Overview of how to use Arize for fraud models
In this walkthrough, we will use the Arize platform to monitor a Fraud Detection model's performance.
This use case will walk you through how to manage your model's performance for your fraud detection models. While you may have found optimal model performance in the training environment after spending a great deal of time collecting data and training your model, it's common that your model will perform worse in the production environment. With a limited availability of tools to monitor your model performance, identify root cause issues, or gain insights into how to actively improve your model, troubleshooting your model performance issues can prove to be troubling.
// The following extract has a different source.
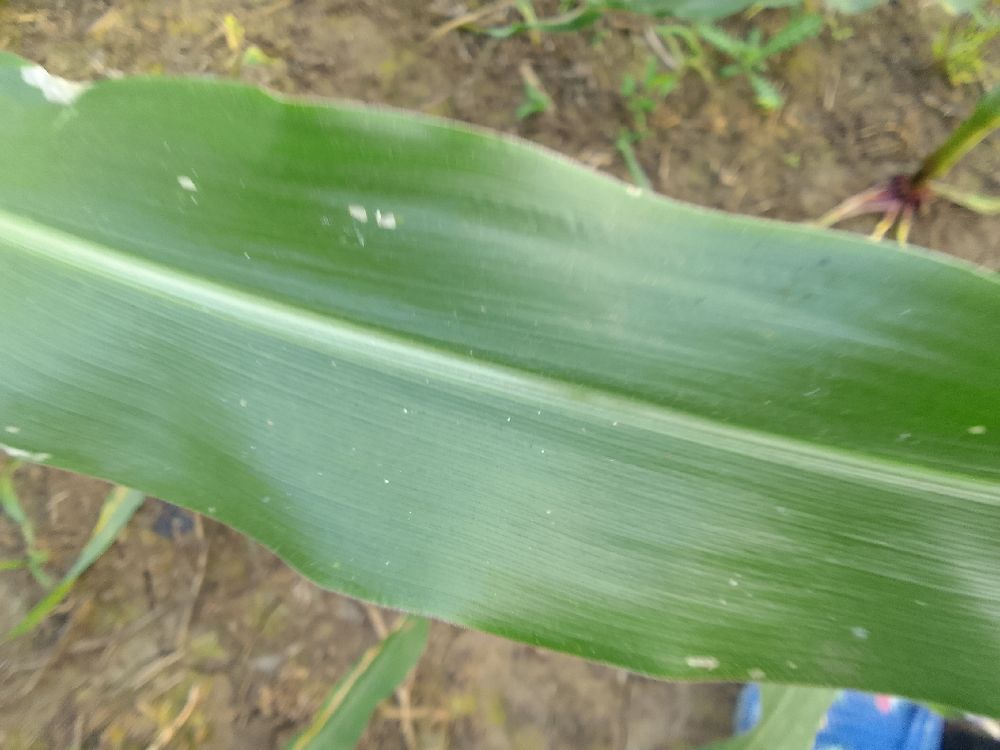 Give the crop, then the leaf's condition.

maize, healthy

In this walkthrough, we will look at a few scenarios common to a fraud model when monitoring for performance.
You will learn to:
- 1.Get training, validation, and production data into the Arize platform
- 2.Setup performance monitors for False Negative Rate, False Positive Rate, and Accuracy
- 3.Create customized dashboards
- 4.Discover the root cause of issues
- 5.Identify business impact
Set up a baseline for easy comparison of your model's behavior in production to a training set, validation set, or an initial model launch period. Specifically, we want to see when/where our model's behavior has changed drastically. Setting up a baseline will help identify potential model issues, changing user behaviors, or even changes in our model's concepts (what people consider fraud might change over time).
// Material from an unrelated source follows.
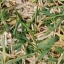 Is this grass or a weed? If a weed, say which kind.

grass
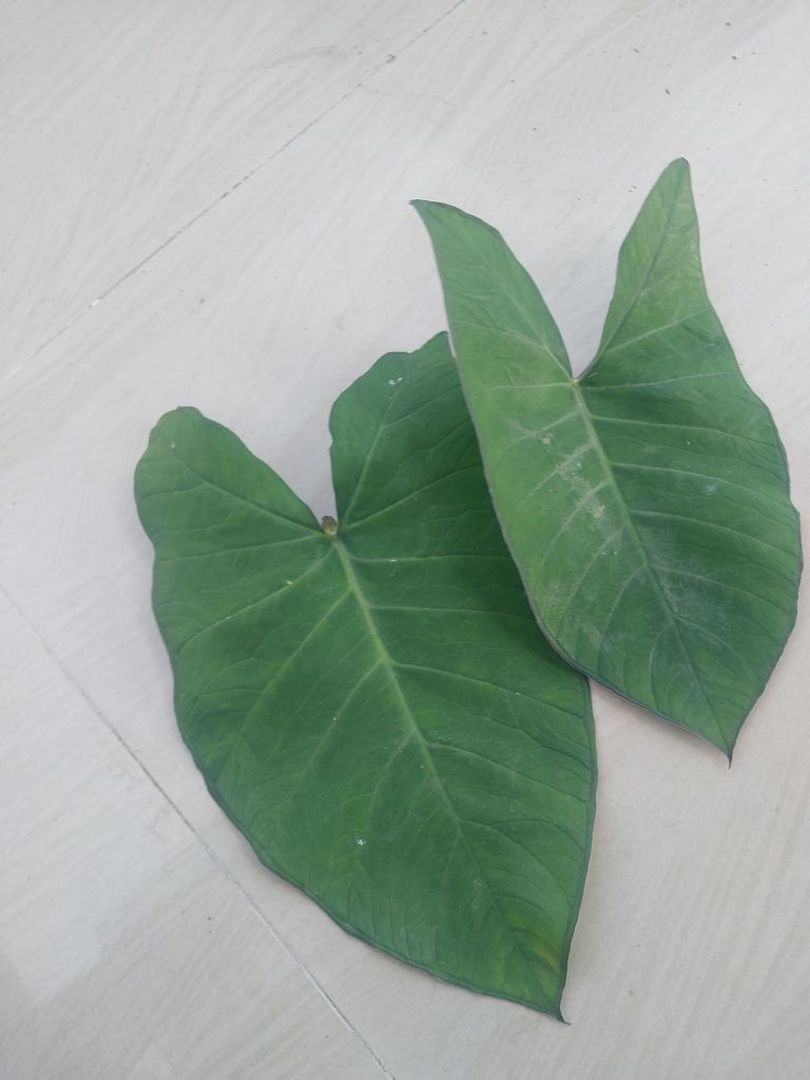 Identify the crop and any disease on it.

taro, healthy

Setting up a baseline will surface changes in the distributions of:
- 1.Model predictions —
- 2.Model input data — feature values
- 3.Ground truth/Actual values — was this transaction actually
In the case of our credit card fraud model, we have a training environment that we want to compare production to. Therefore we are setting up the baseline by selecting pre-prod training.
With fraud detection, often times your training set may contain an exaggerated amount of fraud for the purpose of training your model. However, in the real world, credit card fraud models see less than 1% fraud transactions. If this is true for your training environment, you may want to select an initial model launch period from production as your baseline (assuming that period of time looks as expected).
Arize sets up monitors across all features, predictions, and actual values. In fraud detection it's important to monitor your model's:
- 1.False Negative Rate — Chargeback % (
fraudtransactions that were identified by the model as
non fraudleading to a chargeback/immediate financial loss for the company).
- 2.False Positive Rate — Upset Customer % (
non fraudtransactions that were classified as
fraudleading to an awkward moment at the register and an upset customer).
- 3.Accuracy — of all my predictions, what percent did the model predict correctly? We need to be careful with this metric as it can be potentially misleading, especially if there is a small amount of fraud transactions. If a model has 1% fraud, misclassifying all transactions can still result in 99% accuracy.
Drift is a change in distribution over time, measured for model inputs, outputs, and actuals of a model. Measure drift to identify if your models have grown stale, you have data quality issues, or if there are adversarial inputs in your model. Detecting drift in your models will help protect your models from performance degradation and allow you to better understand how to begin resolution.
It’s important to immediately surface data quality issues to identify how your data quality maps to your model’s performance. Utilize data quality monitoring to analyze hard failures in your data quality pipeline, such as missing data or cardinality shifts.
- Missing / Null values could be an indicator of issues from an upstream data source.
- Cardinality is checked to ensure there are no spikes / drops in feature values.
Model performance metrics measure how well your model performs in production. Once a performance monitor is triggered, navigate to the Performance tab to start troubleshooting your model issues and gain an understanding of what caused the degradation.
Compare production to training or other windows of production. Bring in another dataset to compare performance and see which model performs better. This can help answer questions such as "Were we seeing this problem in training?" or "Does my new / previous model version perform better?". It can also be helpful to compare to other windows of production.
Identify low performing segments. By looking at performance breakdown by feature, you can dig even deeper to see which segment within each feature of the model is underperforming.
In the case of credit card fraud, the most important metrics to worry about are your False Positive, False Negative, and overall Accuracy rates. Note, Recall is the inverse of False Negative Rate if your positive class is Fraud.
In only a few clicks you can add widgets to provide a single glance view of your model's Accuracy, False Positive Rate, and False Negative Rate. To visualize these metrics over time you can also create a custom timeseries widget which overlays three plots to showcase the fluctuation of these metrics over time.
Sometimes, we need metrics other than traditional statistical measures to define model performance. Business Impact is a way to measure your scored model's payoff at different thresholds (i.e, decision boundary for a scored model).
When dealing with credit card fraud, often the profit/loss associated with model predictions is not weighted equal. For example, the diagram below might estimate the profit/loss of a decision made by your model.
Visualize the potential profit/loss based on these weighted decision values in Arize's Business Impact tab. Understand your business's overall profit/loss based on your model's prediction threshold for fraud classification.
Log feature importances to the Arize platform to explain your model's predictions. By logging these values, you gain the ability to view the global feature importances of your predictions as well as the ability to perform global and cohort prediction-based analysis to compare feature importances for your model's features.